## Exercise inputs:
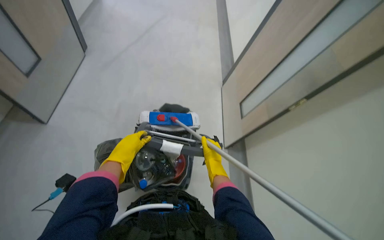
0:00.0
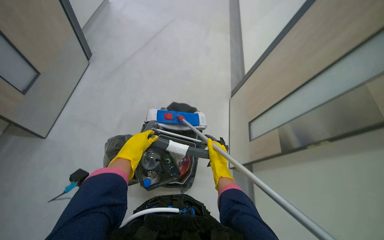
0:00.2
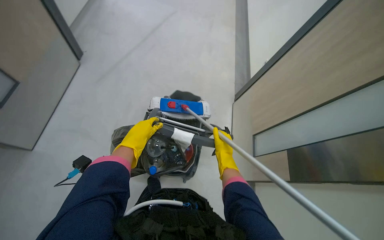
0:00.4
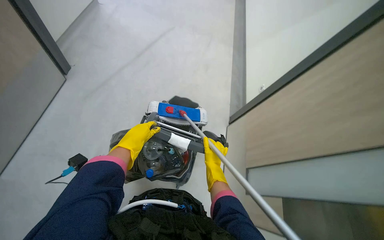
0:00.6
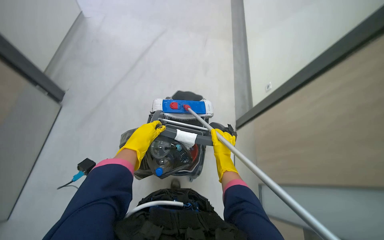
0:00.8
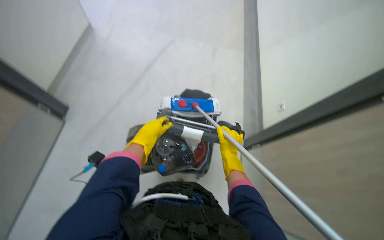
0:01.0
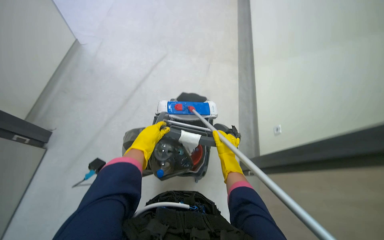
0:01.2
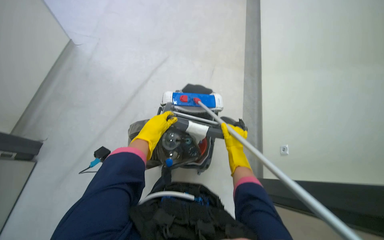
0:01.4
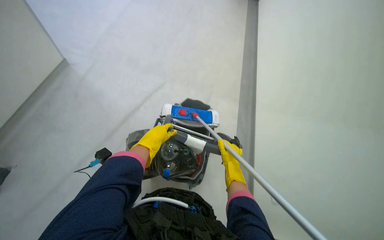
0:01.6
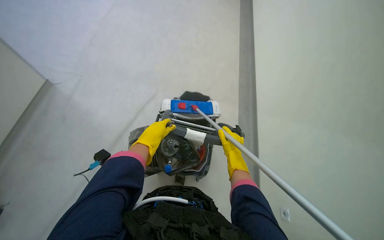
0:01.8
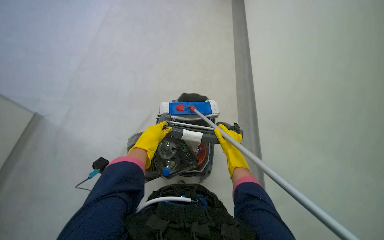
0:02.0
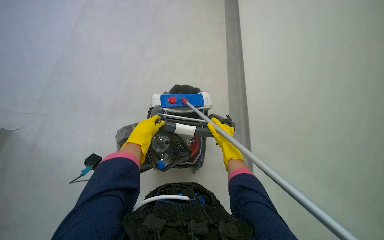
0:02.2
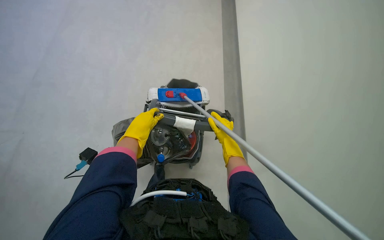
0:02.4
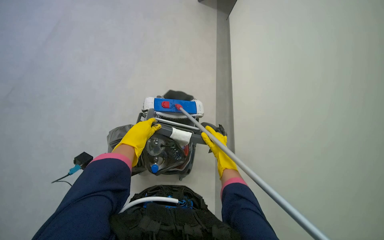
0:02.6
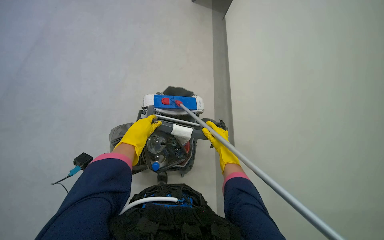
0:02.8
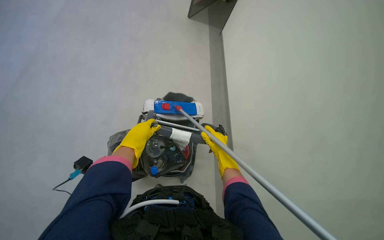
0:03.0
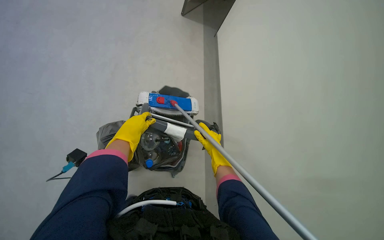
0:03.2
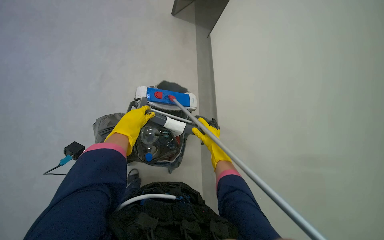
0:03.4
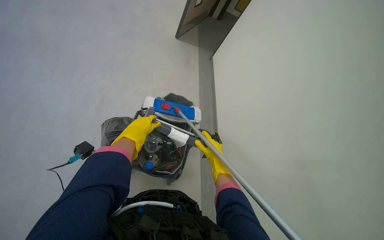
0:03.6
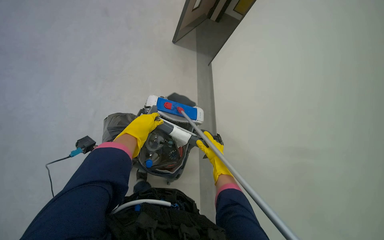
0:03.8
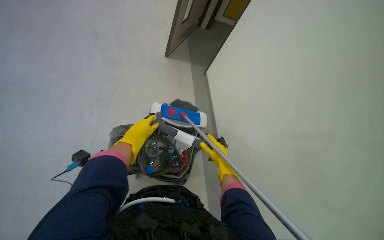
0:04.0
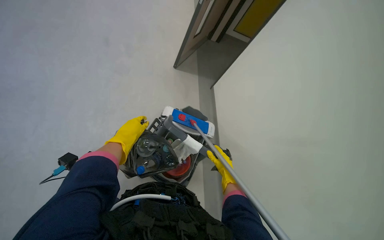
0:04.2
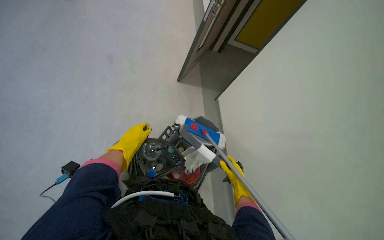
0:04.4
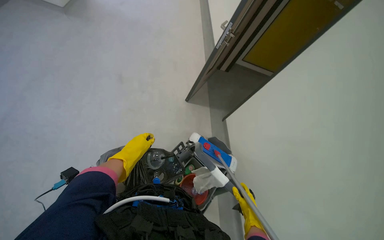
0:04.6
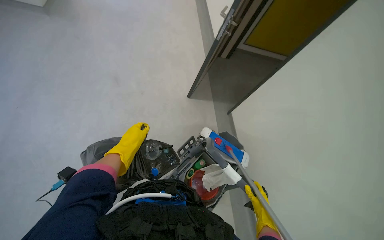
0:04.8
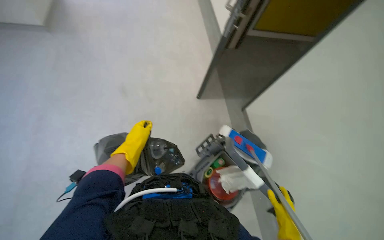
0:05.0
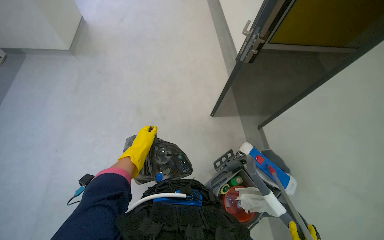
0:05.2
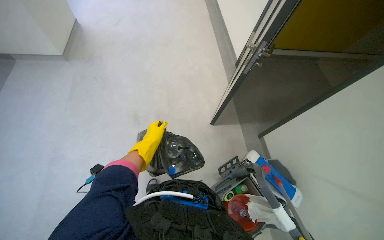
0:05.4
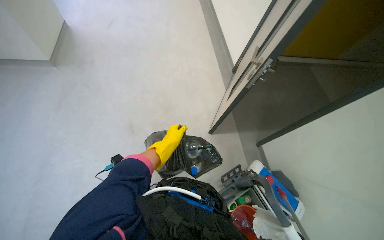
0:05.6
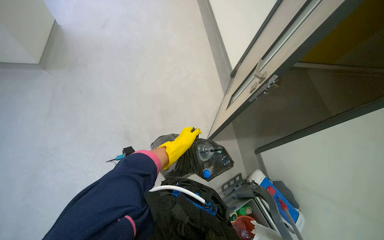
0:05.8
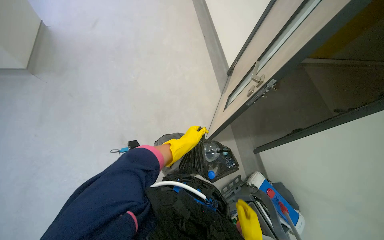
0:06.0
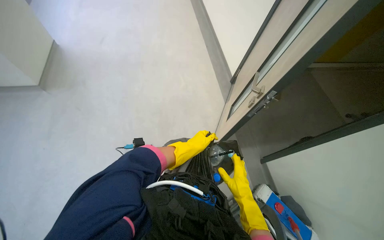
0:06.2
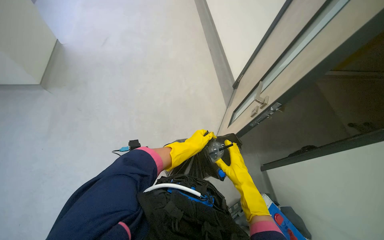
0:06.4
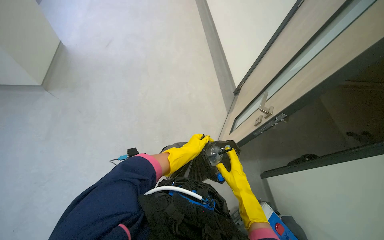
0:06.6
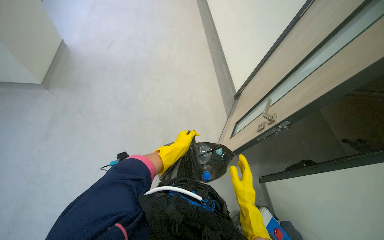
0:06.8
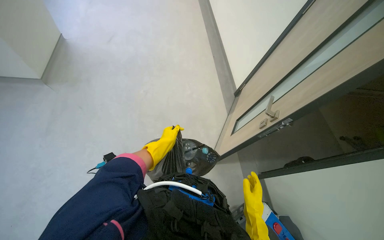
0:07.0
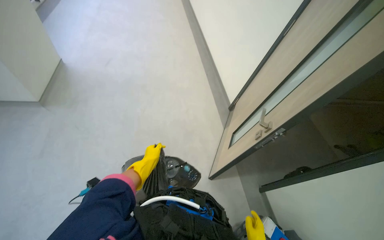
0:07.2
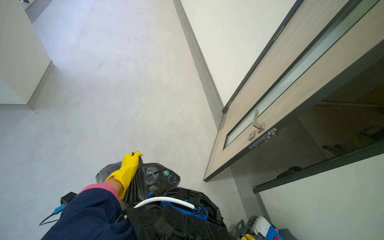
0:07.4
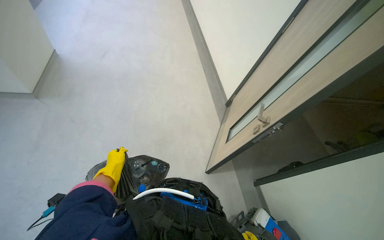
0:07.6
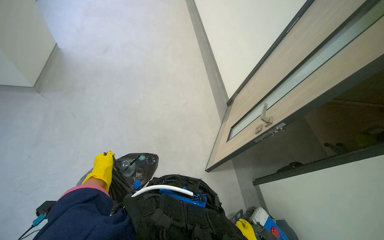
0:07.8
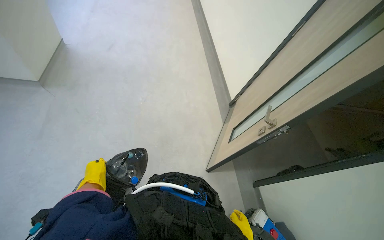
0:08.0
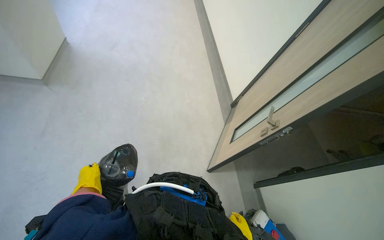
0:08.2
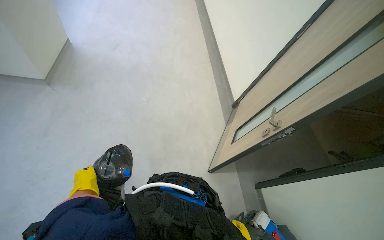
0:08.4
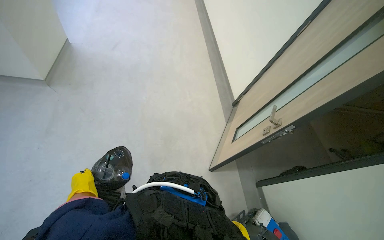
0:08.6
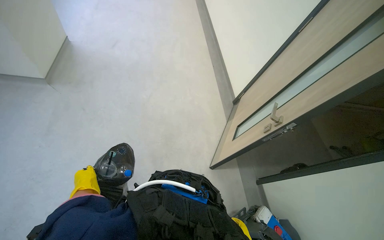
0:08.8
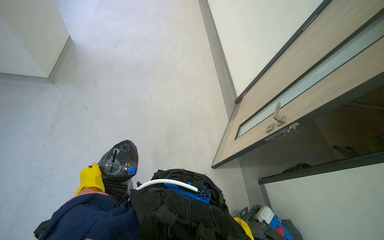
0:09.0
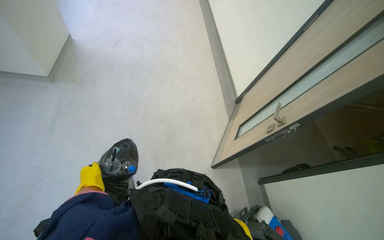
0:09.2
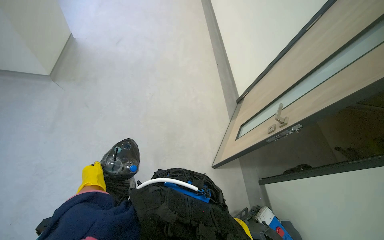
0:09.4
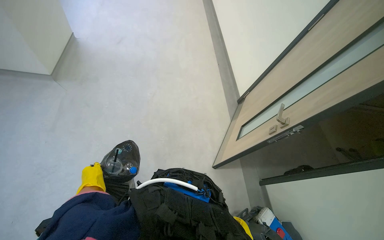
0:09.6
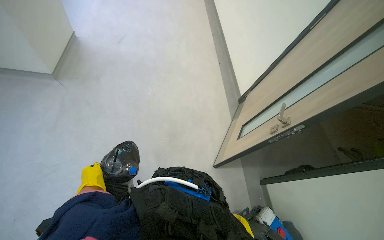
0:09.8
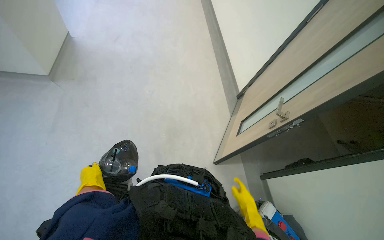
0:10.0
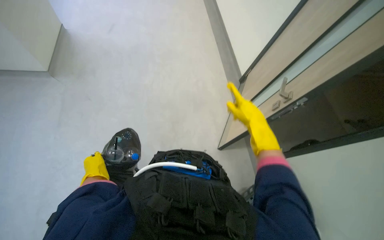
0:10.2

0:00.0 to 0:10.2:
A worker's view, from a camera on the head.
Job: managing trash.
The whole recording: Collecting trash from bins. The worker collects trash from bins and places it into a large trash bag on the cart.
0:01.4 to 0:03.0: The hands make small movements and keep their place.
0:03.0 to 0:04.4: The view tilts about 15 degrees upward. The right hand heads farther from the camera, covering about 10 cm.
0:04.4 to 0:05.8: The view tips upward by some 20 degrees. The left hand travels farther from the camera by about 10 cm.
0:05.8 to 0:07.2: The left hand is displaced to the left by about 15 cm.
0:07.2 to 0:08.8: The left hand shifts roughly 30 cm to the left, nearer to the camera and down the picture.

## Exercise brief:
Where pictures sit among the data above, omit them, and output the rest exactly.

## Reply to the task:
0:00.0
0:00.2
0:00.4
0:00.6
0:00.8
0:01.0
0:01.2
0:01.4
0:01.6
0:01.8
0:02.0
0:02.2
0:02.4
0:02.6
0:02.8
0:03.0
0:03.2
0:03.4
0:03.6
0:03.8
0:04.0
0:04.2
0:04.4
0:04.6
0:04.8
0:05.0
0:05.2
0:05.4
0:05.6
0:05.8
0:06.0
0:06.2
0:06.4
0:06.6
0:06.8
0:07.0
0:07.2
0:07.4
0:07.6
0:07.8
0:08.0
0:08.2
0:08.4
0:08.6
0:08.8
0:09.0
0:09.2
0:09.4
0:09.6
0:09.8
0:10.0
0:10.2

0:00.0 to 0:10.2:
A worker's view, from a camera on the head.
Job: managing trash.
The whole recording: Collecting trash from bins. The worker collects trash from bins and places it into a large trash bag on the cart.
0:01.4 to 0:03.0: The hands make small movements and keep their place.
0:03.0 to 0:04.4: The view tilts about 15 degrees upward. The right hand heads farther from the camera, covering about 10 cm.
0:04.4 to 0:05.8: The view tips upward by some 20 degrees. The left hand travels farther from the camera by about 10 cm.
0:05.8 to 0:07.2: The left hand is displaced to the left by about 15 cm.
0:07.2 to 0:08.8: The left hand shifts roughly 30 cm to the left, nearer to the camera and down the picture.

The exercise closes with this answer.